The main museum contains huge collections of archaeological specimens and fine art. It has one of the best collections of Pre-Raphaelite paintings, majolica pottery, and English silver. The archaeology department includes the bequest of Arthur Evans and so has a collection of Greek and Minoan pottery. The department also has an extensive collection of antiquities from Ancient Egypt and the Sudan, and the museum hosts the Griffith Institute for the advancement of Egyptology.

Highlights of the Ashmolean's collection include:

- Drawings by Michelangelo, Raphael and Leonardo da Vinci
- Paintings by Pablo Picasso, Giambattista Pittoni, Paolo Uccello, Anthony van Dyck, Peter Paul Rubens, Paul Cézanne, John Constable, Titian, Claude Lorrain, Samuel Palmer, John Singer Sargent, Piero di Cosimo, William Holman Hunt, and Edward Burne-Jones
- The Alfred Jewel
- Watercolours and paintings by J. M. W. Turner
- The Messiah Stradivarius, a violin made by Antonio Stradivari
- The Daisy Linda Ward bequest in 1939 of 96 still life paintings, including works by Clara Peeters, Adriaen Coorte, and Rachel Ruysch
- The Pissarro Family Archive, donated in the 1950s to the Ashmolean, consisting of paintings, prints, drawings, books, and letters by Camille Pissarro, Lucien Pissarro, Orovida Camille Pissarro, and other members of the Pissarro family
- Arab ceremonial dress owned by Lawrence of Arabia
- A death mask of Oliver Cromwell
- The Crondall hoard, a rare set of Anglo-Saxon gold coins discovered in 1828
- A substantial number of Oxyrhynchus Papyri, including Old and New Testament biblical manuscripts
- Over 30 pieces of Late Roman gold glass roundels from the Catacombs of Rome, the Wilshere Collection is the third largest collection after the Vatican and British Museum.
- A collection of Posie rings.
- An extensive collection of antiquities from Prehistoric Egypt and the succeeding Early Dynastic Period of Egypt
- The Parian Marble, the earliest extant example of a Greek chronological table
- The Metrological Relief, showing Ancient Greek measurements
- The ceremonial cloak of Chief Powhatan
- The lantern that Gunpowder Plot conspirator Guy Fawkes carried in 1605
- The Minoan collection of Arthur Evans, the biggest outside Crete
- The Narmer Macehead and Scorpion Macehead
- The Kish tablets
- The Sumerian Kings List
- Near Eastern (mainly cuneiform) tablets collection, second largest in the UK; mainly recovered by the Oxford-Field Museum Expedition to Kish, Iraq (1923–1933)

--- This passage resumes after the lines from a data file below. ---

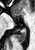

MRI slice
The posterior hippocampus lies within rect(16, 28, 25, 42).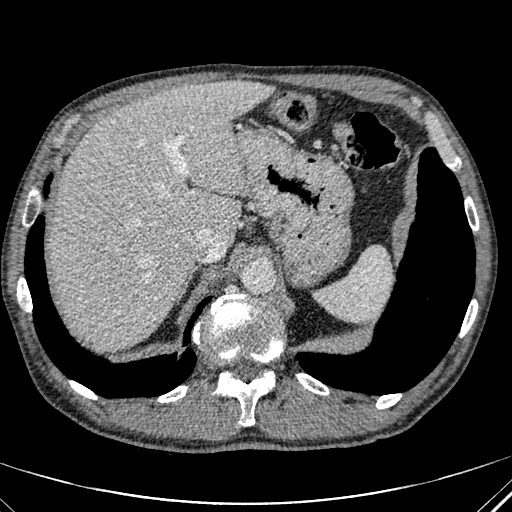
CT image | Abdomen
Liver — 52, 81, 273, 350.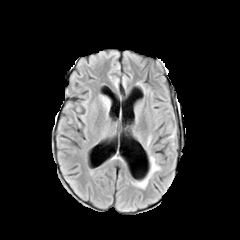
FLAIR MR.
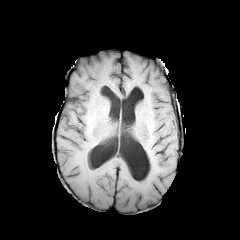
Same slice, T1-weighted MRI.
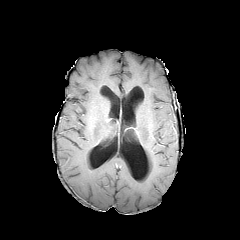
Post-contrast T1-weighted MR image of the same slice.
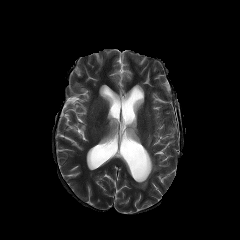
T2-weighted MR image of the same slice.
• edema: 136 156 159 188
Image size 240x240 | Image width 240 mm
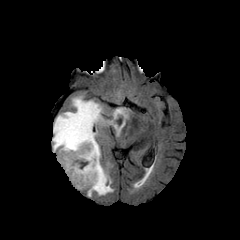
FLAIR MR image.
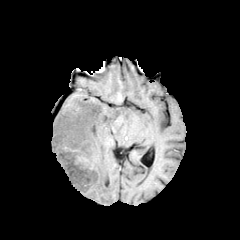
Same slice, T1-weighted MR.
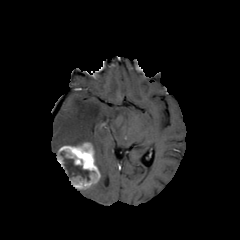
Same slice, post-contrast T1-weighted MRI.
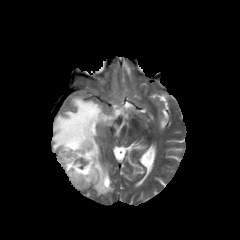
T2-weighted magnetic resonance.
The non-enhancing tumor core is at bbox=[63, 157, 89, 181]. The edema appears at bbox=[52, 96, 128, 196]. The enhancing tumor is located at bbox=[57, 142, 100, 188].
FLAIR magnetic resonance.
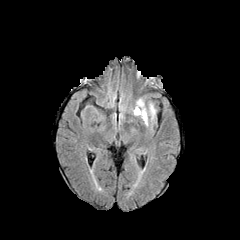
T1-weighted magnetic resonance.
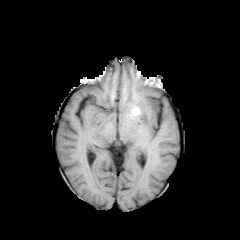
Post-contrast T1-weighted MR image.
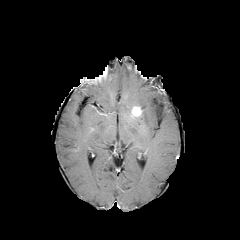
T2-weighted magnetic resonance.
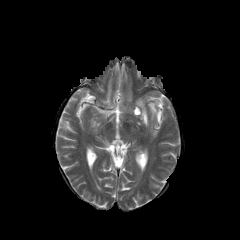
Head. 240x240 px.
<segmentation>
  <edema>region(136, 98, 156, 126)</edema>
  <enhancing_tumor>region(132, 106, 141, 115)</enhancing_tumor>
</segmentation>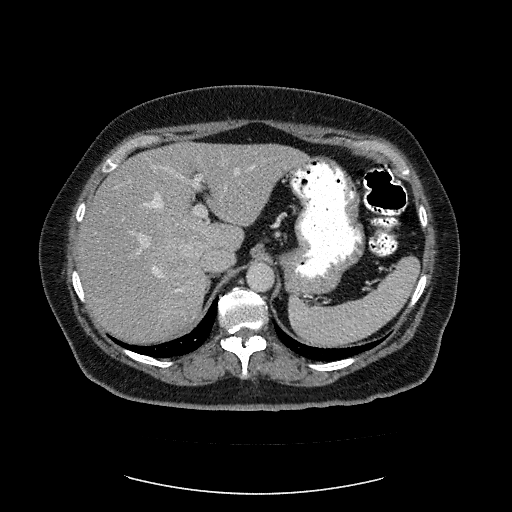
CT.

Some hepatic vessels may have no box.
Findings:
• hepatic vessel: [163,167,186,179], [130,231,135,233], [235,169,239,174], [207,218,209,223], [249,166,253,169], [146,193,163,207], [187,175,202,187], [225,186,226,187], [153,166,158,167], [135,234,149,255], [194,204,206,217], [152,267,161,276], [296,170,301,173], [177,288,181,290], [128,180,130,181]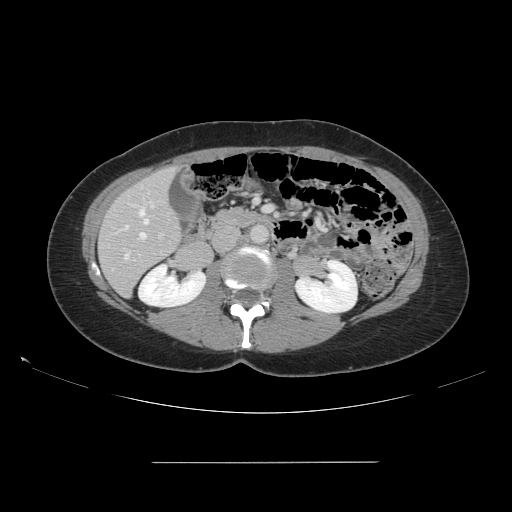

Liver. Computed tomography. Some hepatic vessels may have no box.
hepatic_vessel:
  - l=148, t=201, r=154, b=206
  - l=140, t=207, r=144, b=217
  - l=159, t=234, r=161, b=237
  - l=139, t=233, r=146, b=239
  - l=143, t=218, r=148, b=224
  - l=118, t=225, r=128, b=231
  - l=124, t=249, r=129, b=259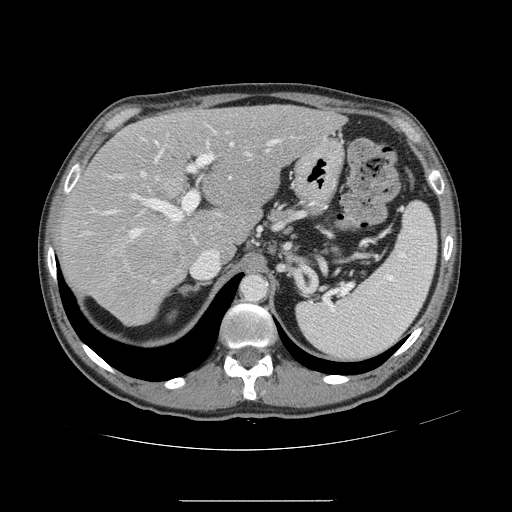 CT scan slice; 512x512 px; Liver
Not every hepatic vessel necessarily has a box.
Top 15 of 20 hepatic vessel regions at [x1=146, y1=191, x2=198, y2=221], [x1=141, y1=138, x2=144, y2=140], [x1=187, y1=152, x2=213, y2=170], [x1=154, y1=146, x2=164, y2=161], [x1=204, y1=122, x2=215, y2=133], [x1=82, y1=232, x2=90, y2=234], [x1=130, y1=228, x2=141, y2=241], [x1=267, y1=139, x2=279, y2=151], [x1=92, y1=209, x2=114, y2=214], [x1=141, y1=172, x2=145, y2=176], [x1=155, y1=141, x2=157, y2=143], [x1=131, y1=194, x2=139, y2=198], [x1=109, y1=175, x2=122, y2=178], [x1=207, y1=140, x2=208, y2=146], [x1=245, y1=152, x2=249, y2=155].
Liver tumor at [x1=125, y1=236, x2=177, y2=278].

- The sole surviving Pococke Kition inscription, used by Jean-Jacques Barthélemy in his decipherment of the Phoenician language
- The Abingdon Sword, an Anglo-Saxon sword found at Abingdon south of Oxford
- The Dalboki hoard of Thracian artefacts, central Bulgaria
- The Scythian antiquities from Nymphaeum, Crimea
- The Shrine of Taharqa
Recent major bequests and acquisitions include:
- In 2024 the museum acquired Fra Angelico's The Crucifixion with the Virgin, Saint John the Evanelist and the Magdalen, from the early 1420s.
- In 2017 the museum acquired a group portrait by William Dobson painted in Oxford around 1645, during the English Civil War. The group in the painting are Prince Rupert, Colonel William Legge (Governor of Oxford) and Colonel John Russell (commander of the prince's elite Blue Coats). The painting was acquired for the nation through the Acceptance in Lieu scheme, administered by Arts Council England.

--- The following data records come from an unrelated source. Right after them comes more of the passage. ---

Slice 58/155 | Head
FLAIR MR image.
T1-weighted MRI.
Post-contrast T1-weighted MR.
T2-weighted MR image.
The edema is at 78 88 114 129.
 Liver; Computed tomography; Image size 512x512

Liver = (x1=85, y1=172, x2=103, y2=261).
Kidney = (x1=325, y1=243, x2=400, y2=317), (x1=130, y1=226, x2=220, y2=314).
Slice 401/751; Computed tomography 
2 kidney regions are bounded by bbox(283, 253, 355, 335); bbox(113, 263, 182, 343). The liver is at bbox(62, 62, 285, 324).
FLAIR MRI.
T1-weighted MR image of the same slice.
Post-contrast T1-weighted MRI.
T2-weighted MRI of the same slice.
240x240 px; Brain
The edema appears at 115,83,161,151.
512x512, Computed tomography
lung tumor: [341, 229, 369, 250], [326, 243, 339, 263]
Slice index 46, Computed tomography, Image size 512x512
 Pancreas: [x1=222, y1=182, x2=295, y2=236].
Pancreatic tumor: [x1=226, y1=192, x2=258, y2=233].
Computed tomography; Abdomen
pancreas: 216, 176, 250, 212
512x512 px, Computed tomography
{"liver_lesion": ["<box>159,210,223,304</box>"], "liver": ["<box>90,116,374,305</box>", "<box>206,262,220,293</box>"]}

- In 2017 the museum acquired a Viking hoard that was discovered near Watlington in South Oxfordshire in 2015. It is the first large Viking hoard discovered in Oxfordshire, which once lay on the border of Wessex and Mercia. The hoard contains over 200 Anglo-Saxon coins, including many examples of previously rare coins of Alfred the Great, King of Wessex (871–899) and his less well-known contemporary, King Ceolwulf II of Mercia (874–879).
- In 2015 the Ashmolean raised the money needed to acquire a major painting by J. M. W. Turner. With lead support from the Heritage Lottery Fund, a grant from the Art Fund, and a public appeal, the fundraising target was met to secure Turner's only full-size townscape in oils: The High Street, Oxford (1810). The painting was accepted by the nation through the Acceptance in Lieu scheme.
- In October 2014 the Ashmolean acquired a painting by John Constable titled Willy Lott's House from the Stour (The Valley Farm). The painting was accepted by the nation through the Acceptance in Lieu scheme. The farm building depicted in the painting is also seen from a different angle in The Hay Wain, painted 1821 and now at the National Gallery.
- In October 2014 the Ashmolean acquired a collection of historic English embroideries which was given to the museum by collectors Micheál and Elizabeth Feller. The gift comprises 61 pieces which span the whole of the seventeenth century.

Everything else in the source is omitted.